Bardsey Island, North Wales.

Anglesey, North Wales

The largest of Wales’ islands and a county in itself, Anglesey in North Wales offers the visitor a range of experiences. The north of the island is all dramatic cliffs and industrial history, while from the flatter southwestern part, you can marvel at the silhouettes of Snowdonia mountains across the narrow Menai Strait that separates the island from the mainland. 
Anglesey Adventures offers a wide range of activities for the adventurous, including full and half day courses in coasteering, sea kayaking, gorge scrambling, rock climbing, raft building and abseiling. Alternatively, make your way across the causeway to romantic Llanddwyn Island, separated from Anglesey at high tide, or venture out by boat to nearby Puffin Island or cross the bridge to explore Holy Island. 

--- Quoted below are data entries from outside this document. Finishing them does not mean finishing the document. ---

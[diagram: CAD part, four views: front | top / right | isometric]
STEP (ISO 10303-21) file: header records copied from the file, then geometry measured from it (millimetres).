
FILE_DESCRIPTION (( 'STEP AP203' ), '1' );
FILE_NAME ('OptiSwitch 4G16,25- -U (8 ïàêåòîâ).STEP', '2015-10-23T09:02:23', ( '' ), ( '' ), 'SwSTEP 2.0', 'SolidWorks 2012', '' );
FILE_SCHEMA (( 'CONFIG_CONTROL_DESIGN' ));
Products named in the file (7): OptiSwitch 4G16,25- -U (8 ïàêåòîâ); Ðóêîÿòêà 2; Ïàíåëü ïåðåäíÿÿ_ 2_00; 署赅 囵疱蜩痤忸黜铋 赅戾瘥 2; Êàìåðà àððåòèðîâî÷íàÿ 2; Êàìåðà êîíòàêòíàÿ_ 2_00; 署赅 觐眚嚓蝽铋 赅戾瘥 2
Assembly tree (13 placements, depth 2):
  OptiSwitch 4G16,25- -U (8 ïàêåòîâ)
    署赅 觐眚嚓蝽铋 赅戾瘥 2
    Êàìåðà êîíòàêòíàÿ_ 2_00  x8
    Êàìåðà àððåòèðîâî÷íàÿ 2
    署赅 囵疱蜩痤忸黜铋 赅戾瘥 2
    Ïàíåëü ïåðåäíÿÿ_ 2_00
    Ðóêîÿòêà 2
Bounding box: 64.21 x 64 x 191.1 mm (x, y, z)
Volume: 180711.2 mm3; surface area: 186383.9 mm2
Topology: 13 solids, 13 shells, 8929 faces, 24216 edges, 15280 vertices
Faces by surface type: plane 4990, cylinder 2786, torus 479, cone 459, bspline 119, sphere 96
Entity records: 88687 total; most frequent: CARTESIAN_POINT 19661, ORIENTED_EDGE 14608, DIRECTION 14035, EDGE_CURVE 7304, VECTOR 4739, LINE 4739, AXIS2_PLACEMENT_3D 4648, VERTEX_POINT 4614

On Holy Island, bask in the sun at popular the popular Rhoscolyn and Trearddur beaches and climb the lighthouse at South Stack with a guided tour. Puffin Island is at the end of the Menai Strait, which divides Anglesey from North Wales. It’s worth a day trip from Beaumaris to see the wildlife, the views of the strait, and to fish in the rich waters surrounding the island. 

Getting There: Anglesey (along with Holy Island and Llanddwyn Island) can be reached by road from Bangor, 3 miles (5 km) away over the Menai Bridge; or Anglesey has a rail station, Holyhead.

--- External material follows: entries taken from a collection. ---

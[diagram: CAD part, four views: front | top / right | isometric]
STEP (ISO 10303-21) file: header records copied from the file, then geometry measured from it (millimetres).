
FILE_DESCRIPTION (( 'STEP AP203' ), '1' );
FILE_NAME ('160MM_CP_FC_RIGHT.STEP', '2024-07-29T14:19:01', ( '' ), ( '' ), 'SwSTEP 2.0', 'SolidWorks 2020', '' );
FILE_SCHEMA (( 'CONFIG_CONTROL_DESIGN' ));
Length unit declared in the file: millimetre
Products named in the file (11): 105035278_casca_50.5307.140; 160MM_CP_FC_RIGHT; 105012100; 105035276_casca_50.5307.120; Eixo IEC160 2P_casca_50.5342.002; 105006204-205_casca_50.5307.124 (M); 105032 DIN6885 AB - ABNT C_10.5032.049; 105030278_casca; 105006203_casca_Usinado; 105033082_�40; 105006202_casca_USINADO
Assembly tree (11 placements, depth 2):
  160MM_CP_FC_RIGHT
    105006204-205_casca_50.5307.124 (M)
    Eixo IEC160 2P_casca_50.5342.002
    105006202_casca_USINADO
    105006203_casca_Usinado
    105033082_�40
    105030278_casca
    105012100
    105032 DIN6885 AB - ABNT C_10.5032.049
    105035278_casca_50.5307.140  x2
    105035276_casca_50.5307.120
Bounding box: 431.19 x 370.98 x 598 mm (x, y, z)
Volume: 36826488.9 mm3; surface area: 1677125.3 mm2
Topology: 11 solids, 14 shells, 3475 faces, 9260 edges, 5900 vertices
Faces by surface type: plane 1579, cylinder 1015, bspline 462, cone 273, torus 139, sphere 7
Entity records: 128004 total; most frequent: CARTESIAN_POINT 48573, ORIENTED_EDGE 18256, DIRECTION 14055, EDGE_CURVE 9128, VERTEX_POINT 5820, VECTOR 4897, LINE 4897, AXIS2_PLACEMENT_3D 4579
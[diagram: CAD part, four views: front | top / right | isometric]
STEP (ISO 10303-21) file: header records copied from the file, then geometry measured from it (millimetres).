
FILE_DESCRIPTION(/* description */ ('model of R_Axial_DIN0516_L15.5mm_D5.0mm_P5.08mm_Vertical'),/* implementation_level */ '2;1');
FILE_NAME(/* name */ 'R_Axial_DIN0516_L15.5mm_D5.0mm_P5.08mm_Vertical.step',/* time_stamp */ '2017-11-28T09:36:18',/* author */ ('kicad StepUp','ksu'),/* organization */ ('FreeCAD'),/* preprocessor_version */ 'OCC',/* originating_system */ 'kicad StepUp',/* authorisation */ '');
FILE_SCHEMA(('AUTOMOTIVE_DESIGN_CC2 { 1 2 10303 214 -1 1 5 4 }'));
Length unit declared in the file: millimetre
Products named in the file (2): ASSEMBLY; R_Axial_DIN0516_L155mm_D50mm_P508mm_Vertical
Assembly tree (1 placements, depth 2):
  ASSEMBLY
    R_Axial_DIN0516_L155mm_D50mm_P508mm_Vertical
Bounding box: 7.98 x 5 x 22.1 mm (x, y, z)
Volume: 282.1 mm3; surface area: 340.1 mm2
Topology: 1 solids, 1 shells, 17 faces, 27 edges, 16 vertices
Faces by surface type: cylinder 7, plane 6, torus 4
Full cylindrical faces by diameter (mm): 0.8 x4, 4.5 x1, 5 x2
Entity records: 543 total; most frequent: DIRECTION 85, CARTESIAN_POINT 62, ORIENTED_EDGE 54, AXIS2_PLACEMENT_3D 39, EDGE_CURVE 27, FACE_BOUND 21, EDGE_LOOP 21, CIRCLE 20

Llanddwyn Island, Anglesey.

Llanddwyn Island, Anglesey

Worm’s Head, South Wales

Worm’s Head is a picture postcard icon, its island jutting out from the headland at Rhossili at the very end of the Gower Peninsula in South Wales. For a six hour window when the tide is out, you can scramble across the rocks before climbing its ridge and – if you’re lucky – spotting seals lolling about in the waters below. It’s a great vantage point to look back and admire the long beach at Rhossili, a favourite with surfers, family day trippers and courting couples alike. Visit the National Trust Visitor Centre at Rhossili for crossing times, or check ahead online.

Getting There: Worm’s Head can be visited as a day trip from Swansea, 20 miles (32 km) away. 

Die Gezeiteninsel Worms Head auf der Halbinsel Gower.

Aerial view of Worm's Head and Rhossili Bay, Gower

Flat Holm, South Wales

From the Cardiff Bay barrage in South Wales, Flat Holm can be seen in the middle distance, seemingly at the centre of the Bristol Channel. The cliffs of English-owned Steep Holm tower over the lower level plateau of Welsh-owned Flat Holm at its side. Join a guided tour of the island and learn about its smuggling past and working lighthouse. It was from here that, in 1897, the first wireless signals were transmitted across open sea by Italian physicist Guglielmo Marconi. As Marconi’s first message asked: “Are you ready?”

Getting There: Flat Holm can be visited as a day trip from Cardiff as part of a 5 mile (8 km) boat trip.